French & Rogers, of Chicago (Richard G. French and Timothy G. Keating, of counsel), for appellee.

Judgment affirmed.

Mr. PRESIDING JUSTICE STAMOS delivered the opinion of the court:

This is an action by the L.E. Myers Co. (Myers) against the Harbor Insurance Company (Harbor) seeking an order that a certain excess insurance policy issued by Harbor affords coverage to Myers for an event which occurred in Madison, Wisconsin, on January 11, 1975. The parties filed cross motions for judgment on the pleadings, pursuant to section 45(5) of the Civil Practice Act (Ill. Rev. Stat. 1977, ch. 110, par. 45(5)).
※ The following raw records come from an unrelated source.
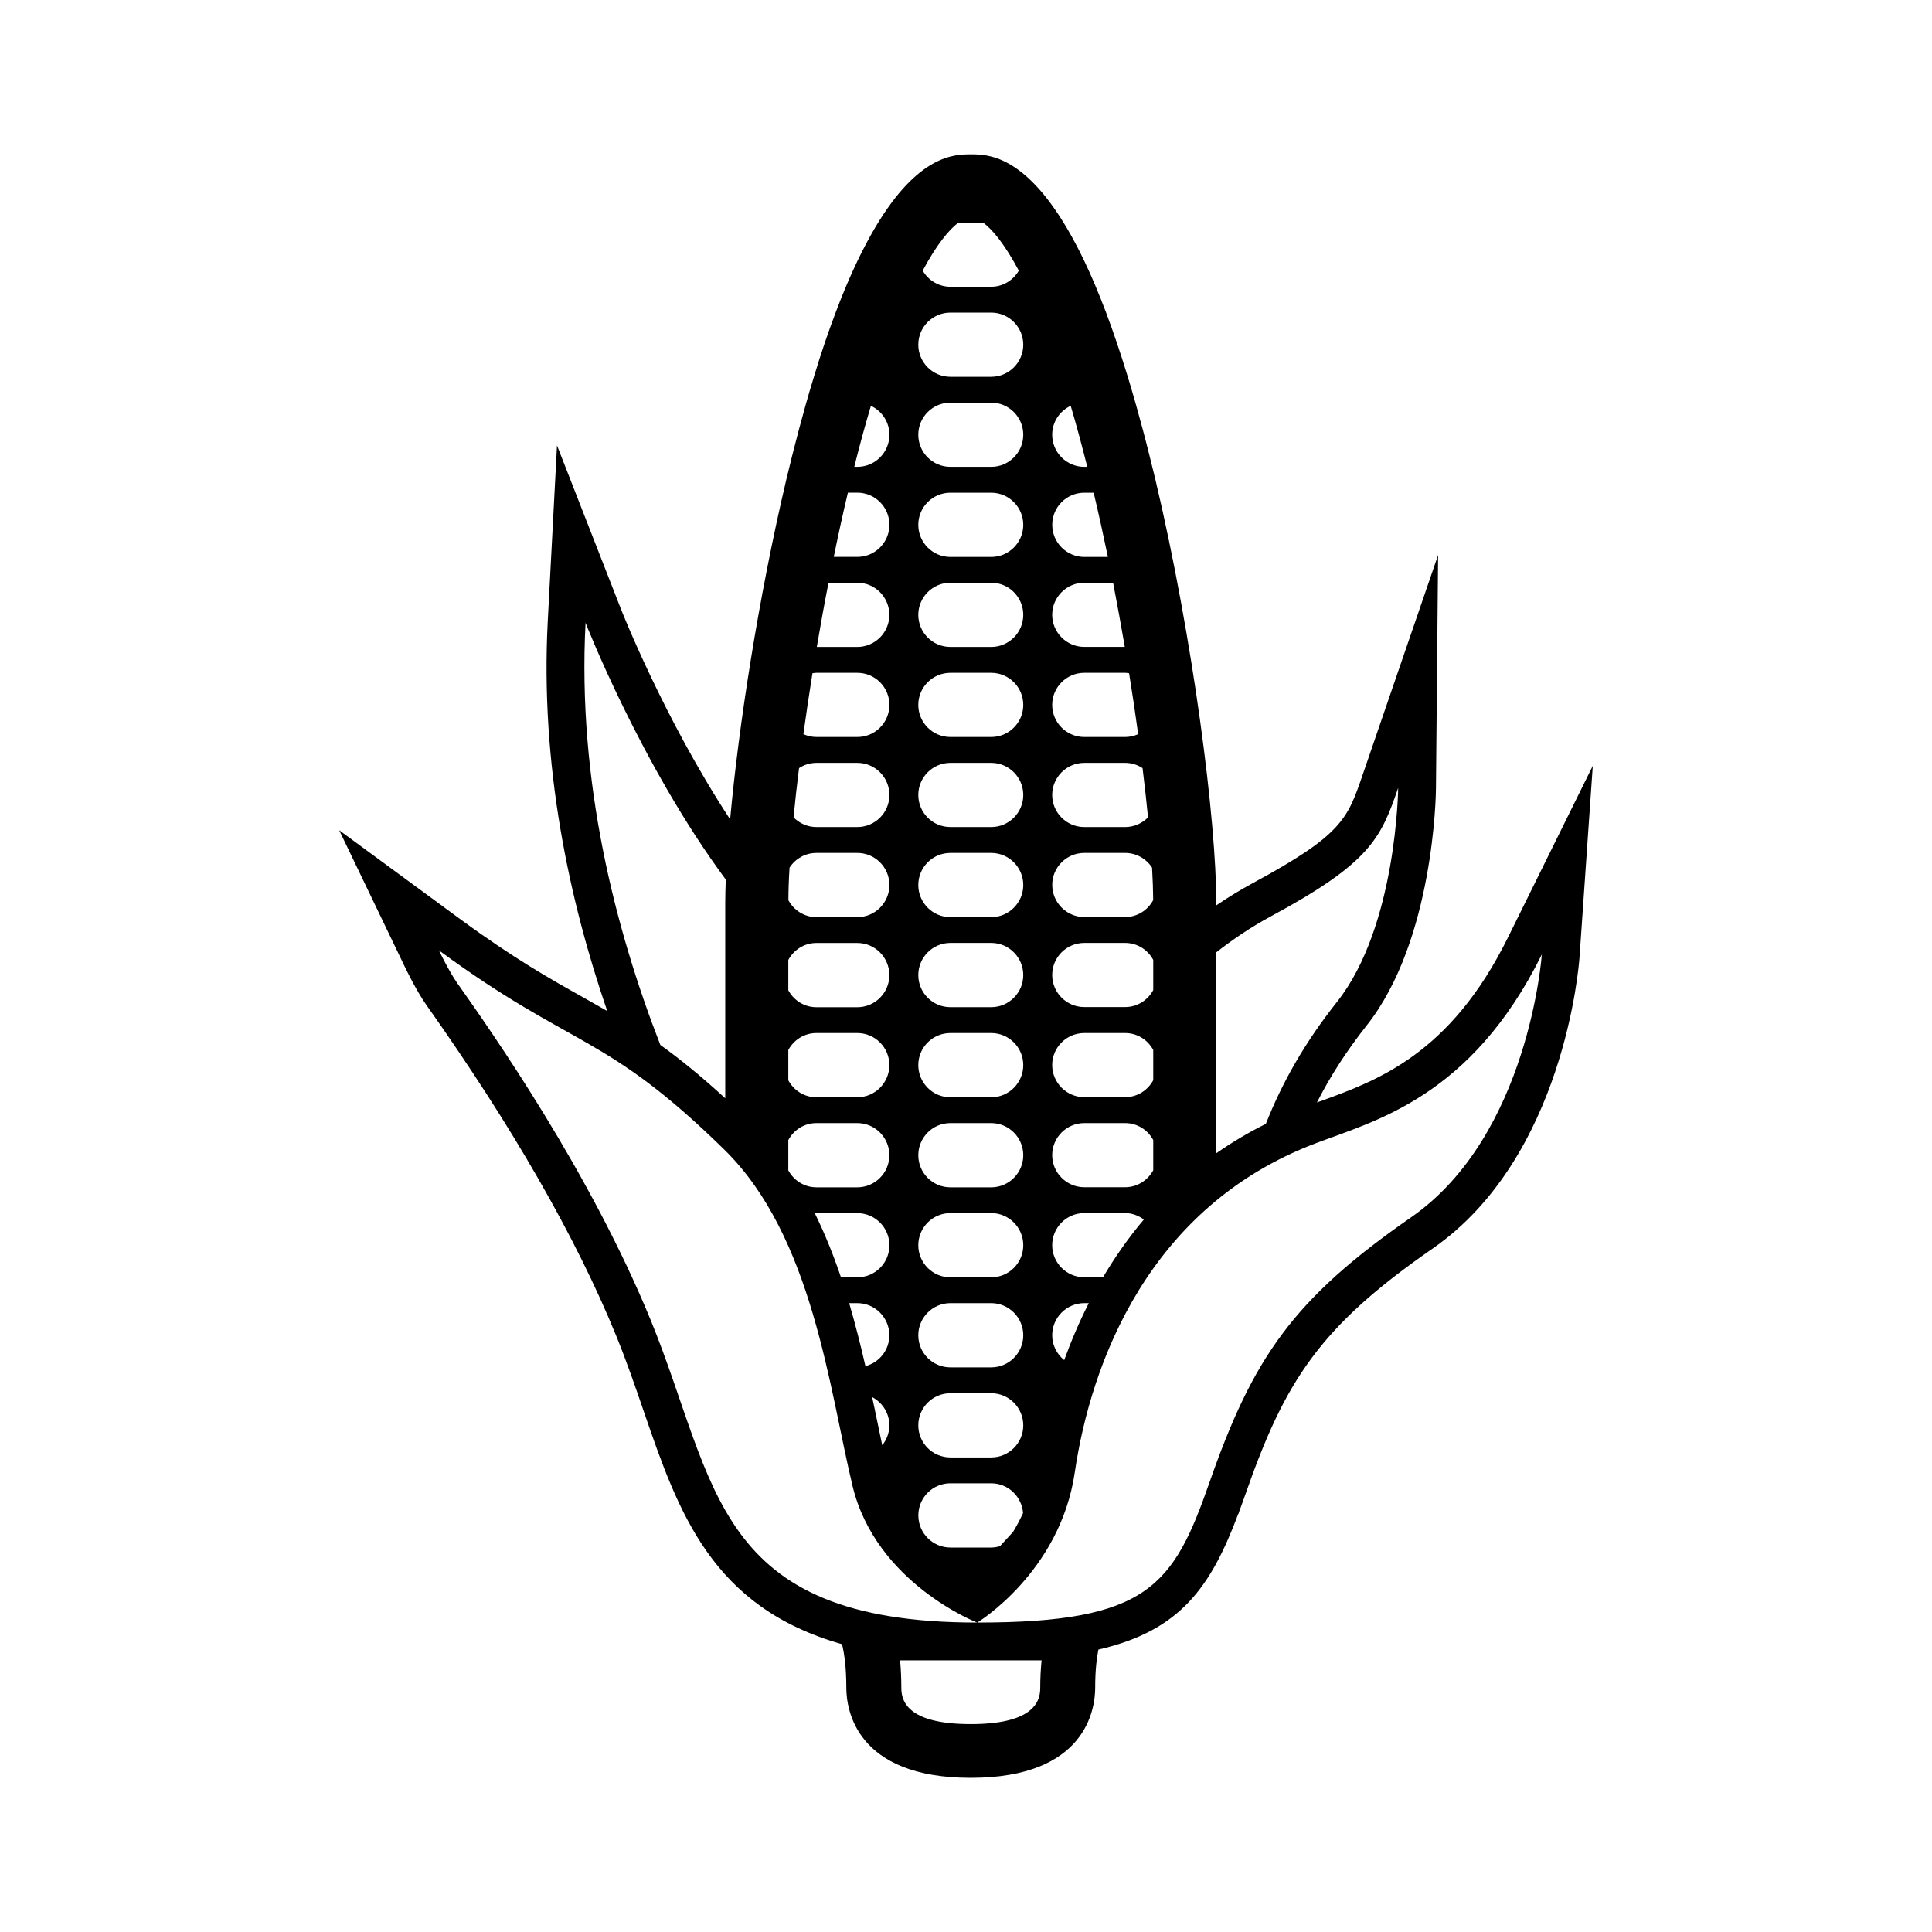 <?xml version="1.0" encoding="utf-8"?>
<!-- Generator: Adobe Illustrator 16.0.3, SVG Export Plug-In . SVG Version: 6.00 Build 0)  -->
<!DOCTYPE svg PUBLIC "-//W3C//DTD SVG 1.1//EN" "http://www.w3.org/Graphics/SVG/1.1/DTD/svg11.dtd">
<svg version="1.1" id="Calque_1" xmlns="http://www.w3.org/2000/svg" xmlns:xlink="http://www.w3.org/1999/xlink" x="0px" y="0px"
	 width="36px" height="36px" viewBox="0 0 36 36" enable-background="new 0 0 36 36" xml:space="preserve">
<path d="M28.098,17.47c-1.076,2.176-2.43,2.665-3.518,3.058c-0.015,0.006-0.026,0.01-0.041,0.015
	c0.251-0.495,0.558-0.968,0.927-1.435c1.251-1.58,1.291-4.305,1.291-4.42l0.04-4.346l-1.411,4.11
	c-0.277,0.806-0.381,1.107-2.037,2.001c-0.243,0.132-0.471,0.271-0.685,0.417v-0.043c0-1.523-0.425-4.895-1.137-7.9
	c-0.037-0.151-0.072-0.297-0.109-0.441c-0.083-0.335-0.167-0.648-0.251-0.945c-0.052-0.183-0.104-0.36-0.155-0.529
	c-0.135-0.44-0.269-0.834-0.401-1.186c-0.138-0.362-0.272-0.683-0.406-0.961c-0.111-0.233-0.221-0.437-0.327-0.618
	c-0.809-1.368-1.485-1.371-1.787-1.371c-0.303,0-0.98,0.003-1.788,1.371c-0.106,0.181-0.216,0.385-0.327,0.618
	c-0.134,0.278-0.27,0.598-0.406,0.961c-0.133,0.352-0.268,0.745-0.401,1.186c-0.053,0.169-0.104,0.347-0.156,0.53
	c-0.083,0.296-0.167,0.609-0.251,0.944c-0.036,0.145-0.072,0.29-0.108,0.441c-0.523,2.212-0.892,4.616-1.049,6.341
	c-1.226-1.866-2.023-3.889-2.034-3.918L10.379,8.3l-0.172,3.269c-0.142,2.688,0.395,5.195,1.108,7.27
	c-0.148-0.085-0.297-0.17-0.449-0.255c-0.602-0.337-1.283-0.719-2.271-1.443l-2.275-1.671l1.223,2.544
	c0.022,0.046,0.221,0.457,0.399,0.708c1.599,2.259,2.788,4.329,3.534,6.154c0.198,0.485,0.363,0.965,0.522,1.43
	c0.641,1.861,1.255,3.641,3.692,4.331c0.043,0.178,0.08,0.438,0.08,0.811c0,0.394,0.167,1.679,2.319,1.679
	c2.151,0,2.318-1.285,2.318-1.679c0-0.311,0.026-0.539,0.06-0.711c1.527-0.35,2.096-1.166,2.608-2.534h0.007l0.002-0.021
	c0.04-0.106,0.079-0.216,0.119-0.329c0.737-2.11,1.376-3.122,3.492-4.588c2.45-1.7,2.727-5.28,2.737-5.432l0.247-3.563L28.098,17.47
	z M22.664,17.745c0.301-0.235,0.638-0.466,1.02-0.672c1.85-0.997,2.046-1.453,2.369-2.392c0,0-0.024,2.579-1.14,3.988
	c-0.59,0.744-1.018,1.49-1.326,2.273c-0.332,0.164-0.64,0.349-0.923,0.547V17.745z M19.951,7.562
	c0.103,0.347,0.205,0.725,0.309,1.137h-0.056c-0.33,0-0.598-0.268-0.598-0.598C19.606,7.861,19.748,7.656,19.951,7.562z
	 M20.204,9.181h0.174c0.002,0.006,0.004,0.012,0.005,0.018c0.092,0.387,0.178,0.781,0.261,1.179h-0.439
	c-0.33,0-0.598-0.269-0.598-0.599C19.606,9.449,19.874,9.181,20.204,9.181z M20.204,10.858h0.537
	c0.077,0.401,0.15,0.802,0.218,1.196h-0.755c-0.33,0-0.598-0.269-0.598-0.598C19.606,11.127,19.874,10.858,20.204,10.858z
	 M20.204,12.537h0.761c0.025,0,0.05,0.004,0.074,0.008c0.063,0.389,0.119,0.768,0.169,1.135c-0.074,0.033-0.156,0.053-0.243,0.053
	h-0.761c-0.33,0-0.598-0.268-0.598-0.598S19.874,12.537,20.204,12.537z M20.204,14.215h0.761c0.12,0,0.231,0.036,0.325,0.098
	c0.039,0.322,0.074,0.629,0.102,0.918c-0.108,0.11-0.26,0.18-0.427,0.18h-0.761c-0.33,0-0.598-0.268-0.598-0.598
	C19.606,14.483,19.874,14.215,20.204,14.215z M20.204,15.893h0.761c0.21,0,0.396,0.11,0.502,0.275
	c0.013,0.227,0.02,0.429,0.021,0.605c-0.101,0.187-0.296,0.315-0.522,0.315h-0.761c-0.33,0-0.598-0.269-0.598-0.599
	C19.606,16.161,19.874,15.893,20.204,15.893z M20.204,17.57h0.761c0.228,0,0.423,0.129,0.524,0.316v0.563
	c-0.102,0.188-0.297,0.316-0.524,0.316h-0.761c-0.33,0-0.598-0.268-0.598-0.598S19.874,17.57,20.204,17.57z M20.204,19.249h0.761
	c0.228,0,0.423,0.128,0.524,0.316v0.563c-0.102,0.188-0.297,0.316-0.524,0.316h-0.761c-0.33,0-0.598-0.269-0.598-0.6
	C19.606,19.517,19.874,19.249,20.204,19.249z M20.204,20.927h0.761c0.228,0,0.423,0.129,0.524,0.316v0.563
	c-0.102,0.187-0.297,0.316-0.524,0.316h-0.761c-0.33,0-0.598-0.269-0.598-0.598C19.606,21.195,19.874,20.927,20.204,20.927z
	 M20.204,22.604h0.761c0.132,0,0.251,0.048,0.349,0.12c-0.294,0.348-0.545,0.711-0.761,1.076h-0.349
	c-0.33,0-0.598-0.268-0.598-0.598S19.874,22.604,20.204,22.604z M20.204,24.282h0.084c-0.183,0.361-0.334,0.719-0.458,1.062
	c-0.136-0.11-0.224-0.275-0.224-0.463C19.606,24.552,19.874,24.282,20.204,24.282z M17.86,4.147h0.458
	c0.178,0.131,0.405,0.408,0.666,0.896c-0.104,0.178-0.294,0.3-0.515,0.3h-0.761c-0.221,0-0.411-0.122-0.515-0.3
	C17.454,4.556,17.684,4.278,17.86,4.147z M17.709,5.825h0.761c0.329,0,0.597,0.269,0.597,0.598s-0.268,0.598-0.597,0.598h-0.761
	c-0.33,0-0.598-0.269-0.598-0.598S17.379,5.825,17.709,5.825z M17.709,7.503h0.761c0.329,0,0.597,0.268,0.597,0.598
	s-0.268,0.598-0.597,0.598h-0.761c-0.33,0-0.598-0.268-0.598-0.598S17.379,7.503,17.709,7.503z M17.709,9.181h0.761
	c0.329,0,0.597,0.269,0.597,0.598c0,0.33-0.268,0.599-0.597,0.599h-0.761c-0.33,0-0.598-0.269-0.598-0.599
	C17.111,9.449,17.379,9.181,17.709,9.181z M17.709,10.858h0.761c0.329,0,0.597,0.269,0.597,0.599c0,0.329-0.268,0.598-0.597,0.598
	h-0.761c-0.33,0-0.598-0.269-0.598-0.598C17.111,11.127,17.379,10.858,17.709,10.858z M17.709,12.537h0.761
	c0.329,0,0.597,0.268,0.597,0.598s-0.268,0.598-0.597,0.598h-0.761c-0.33,0-0.598-0.268-0.598-0.598S17.379,12.537,17.709,12.537z
	 M17.709,14.215h0.761c0.329,0,0.597,0.269,0.597,0.598c0,0.33-0.268,0.598-0.597,0.598h-0.761c-0.33,0-0.598-0.268-0.598-0.598
	C17.111,14.483,17.379,14.215,17.709,14.215z M17.709,15.893h0.761c0.329,0,0.597,0.269,0.597,0.598c0,0.33-0.268,0.599-0.597,0.599
	h-0.761c-0.33,0-0.598-0.269-0.598-0.599C17.111,16.161,17.379,15.893,17.709,15.893z M17.709,17.57h0.761
	c0.329,0,0.597,0.269,0.597,0.599s-0.268,0.598-0.597,0.598h-0.761c-0.33,0-0.598-0.268-0.598-0.598S17.379,17.57,17.709,17.57z
	 M17.709,19.249h0.761c0.329,0,0.597,0.268,0.597,0.597c0,0.331-0.268,0.6-0.597,0.6h-0.761c-0.33,0-0.598-0.269-0.598-0.6
	C17.111,19.517,17.379,19.249,17.709,19.249z M17.709,20.927h0.761c0.329,0,0.597,0.269,0.597,0.599
	c0,0.329-0.268,0.598-0.597,0.598h-0.761c-0.33,0-0.598-0.269-0.598-0.598C17.111,21.195,17.379,20.927,17.709,20.927z
	 M17.709,22.604h0.761c0.329,0,0.597,0.269,0.597,0.599s-0.268,0.598-0.597,0.598h-0.761c-0.33,0-0.598-0.268-0.598-0.598
	S17.379,22.604,17.709,22.604z M17.709,24.282h0.761c0.329,0,0.597,0.27,0.597,0.599c0,0.33-0.268,0.598-0.597,0.598h-0.761
	c-0.33,0-0.598-0.268-0.598-0.598C17.111,24.552,17.379,24.282,17.709,24.282z M17.709,25.961h0.761
	c0.329,0,0.597,0.269,0.597,0.599c0,0.329-0.268,0.597-0.597,0.597h-0.761c-0.33,0-0.598-0.268-0.598-0.597
	C17.111,26.229,17.379,25.961,17.709,25.961z M17.709,27.639h0.761c0.314,0,0.57,0.246,0.593,0.555
	c-0.059,0.125-0.12,0.244-0.188,0.353l-0.243,0.264c-0.051,0.015-0.104,0.025-0.161,0.025h-0.761c-0.33,0-0.598-0.269-0.598-0.598
	C17.111,27.907,17.379,27.639,17.709,27.639z M16.228,7.562c0.203,0.095,0.345,0.3,0.345,0.539c0,0.33-0.268,0.598-0.598,0.598
	h-0.057C16.021,8.286,16.125,7.908,16.228,7.562z M15.795,9.198c0.002-0.006,0.003-0.012,0.005-0.018h0.175
	c0.33,0,0.598,0.269,0.598,0.598c0,0.33-0.268,0.599-0.598,0.599h-0.439C15.617,9.979,15.703,9.585,15.795,9.198z M15.438,10.858
	h0.536c0.33,0,0.598,0.269,0.598,0.599c0,0.329-0.268,0.598-0.598,0.598H15.22C15.287,11.66,15.359,11.26,15.438,10.858z
	 M15.139,12.545c0.025-0.004,0.049-0.008,0.075-0.008h0.761c0.33,0,0.598,0.268,0.598,0.598s-0.268,0.598-0.598,0.598h-0.761
	c-0.087,0-0.169-0.02-0.244-0.053C15.021,13.313,15.076,12.934,15.139,12.545z M14.889,14.313c0.094-0.062,0.205-0.098,0.325-0.098
	h0.761c0.33,0,0.598,0.269,0.598,0.598c0,0.33-0.268,0.598-0.598,0.598h-0.761c-0.167,0-0.318-0.069-0.427-0.181
	C14.814,14.941,14.849,14.635,14.889,14.313z M14.712,16.168c0.106-0.165,0.291-0.275,0.502-0.275h0.761
	c0.33,0,0.598,0.269,0.598,0.598c0,0.33-0.268,0.599-0.598,0.599h-0.761c-0.227,0-0.422-0.129-0.523-0.315
	C14.691,16.597,14.698,16.395,14.712,16.168z M14.689,17.887c0.102-0.188,0.297-0.316,0.524-0.316h0.761
	c0.33,0,0.598,0.269,0.598,0.599s-0.268,0.598-0.598,0.598h-0.761c-0.228,0-0.423-0.129-0.524-0.316V17.887z M14.689,19.565
	c0.102-0.188,0.297-0.316,0.524-0.316h0.761c0.33,0,0.598,0.268,0.598,0.597c0,0.331-0.268,0.6-0.598,0.6h-0.761
	c-0.228,0-0.423-0.129-0.524-0.316V19.565z M14.689,21.243c0.102-0.188,0.297-0.316,0.524-0.316h0.761
	c0.33,0,0.598,0.269,0.598,0.599c0,0.329-0.268,0.598-0.598,0.598h-0.761c-0.228,0-0.423-0.13-0.524-0.316V21.243z M16.126,25.456
	c-0.088-0.386-0.187-0.779-0.303-1.174h0.151c0.33,0,0.598,0.27,0.598,0.599C16.572,25.157,16.383,25.39,16.126,25.456z
	 M16.572,26.56c0,0.14-0.051,0.268-0.133,0.37c-0.029-0.139-0.059-0.281-0.089-0.427c-0.032-0.153-0.064-0.312-0.099-0.47
	C16.441,26.133,16.572,26.33,16.572,26.56z M15.975,23.801H15.67c-0.137-0.407-0.297-0.807-0.486-1.191
	c0.01-0.001,0.02-0.005,0.03-0.005h0.761c0.33,0,0.598,0.269,0.598,0.599S16.305,23.801,15.975,23.801z M10.911,11.605
	c0,0,1.033,2.653,2.613,4.784c-0.006,0.157-0.01,0.307-0.01,0.438v3.638c-0.459-0.422-0.851-0.737-1.21-0.995
	C11.465,17.314,10.756,14.561,10.911,11.605z M19.383,31.459c0,0.287-0.183,0.667-1.294,0.667s-1.294-0.38-1.294-0.667
	c0-0.191-0.009-0.365-0.023-0.521h1.438h1.198C19.393,31.094,19.383,31.268,19.383,31.459z M26.294,22.683
	c-2.2,1.526-2.944,2.615-3.756,4.936c-0.675,1.932-1.145,2.615-4.329,2.615c-4.936,0-4.843-2.597-6.08-5.625
	c-1.127-2.756-2.949-5.358-3.612-6.295c-0.149-0.211-0.339-0.606-0.339-0.606c2.52,1.851,3.082,1.522,5.319,3.714
	c1.646,1.614,1.953,4.451,2.389,6.267c0.436,1.814,2.323,2.546,2.323,2.546s1.543-0.936,1.817-2.794
	c0.302-2.056,1.385-4.956,4.478-6.133c1.104-0.421,2.905-0.854,4.226-3.524C28.729,17.782,28.495,21.156,26.294,22.683z"/>
</svg>

After a hearing on the motions the court entered an order in favor of Myers which stated that the Harbor policy is controlled by its terms by the underlying primary policy, as voluntarily reformed by the parties thereto, Myers and the Continental Insurance Company (Continental), and that Harbor owes Myers coverage up to the excess of its policy over the amount of the underlying Continental policy. From this portion of the order, Harbor appeals.1

• 1 Because the parties have filed cross motions for judgment on the pleadings, all well pleaded facts in the pleadings will be taken as true. (Zipf v. Allstate Insurance Co. (1977), 54 Ill.App.3d 103, 369 N.E.2d 252.) The facts of the case are as follows:

Myers is in the business of constructing electric transmission towers and lines and was so engaged under contract with the Madison Gas & Electric Company (Madison). Prior to beginning construction, Myers, through its broker, Marsh & McLennan, Inc. (Marsh), sought to obtain liability insurance. Myers was issued a primary insurance policy in the amount of $100,000 by Continental and an excess policy in the amount of $1,000,000 by Harbor, with the provision that Harbor's "umbrella liability" policy afforded Myers the same coverage as Continental's underlying primary policy. The premium for Harbor's coverage for three years came to $81,405, $27,135 per year.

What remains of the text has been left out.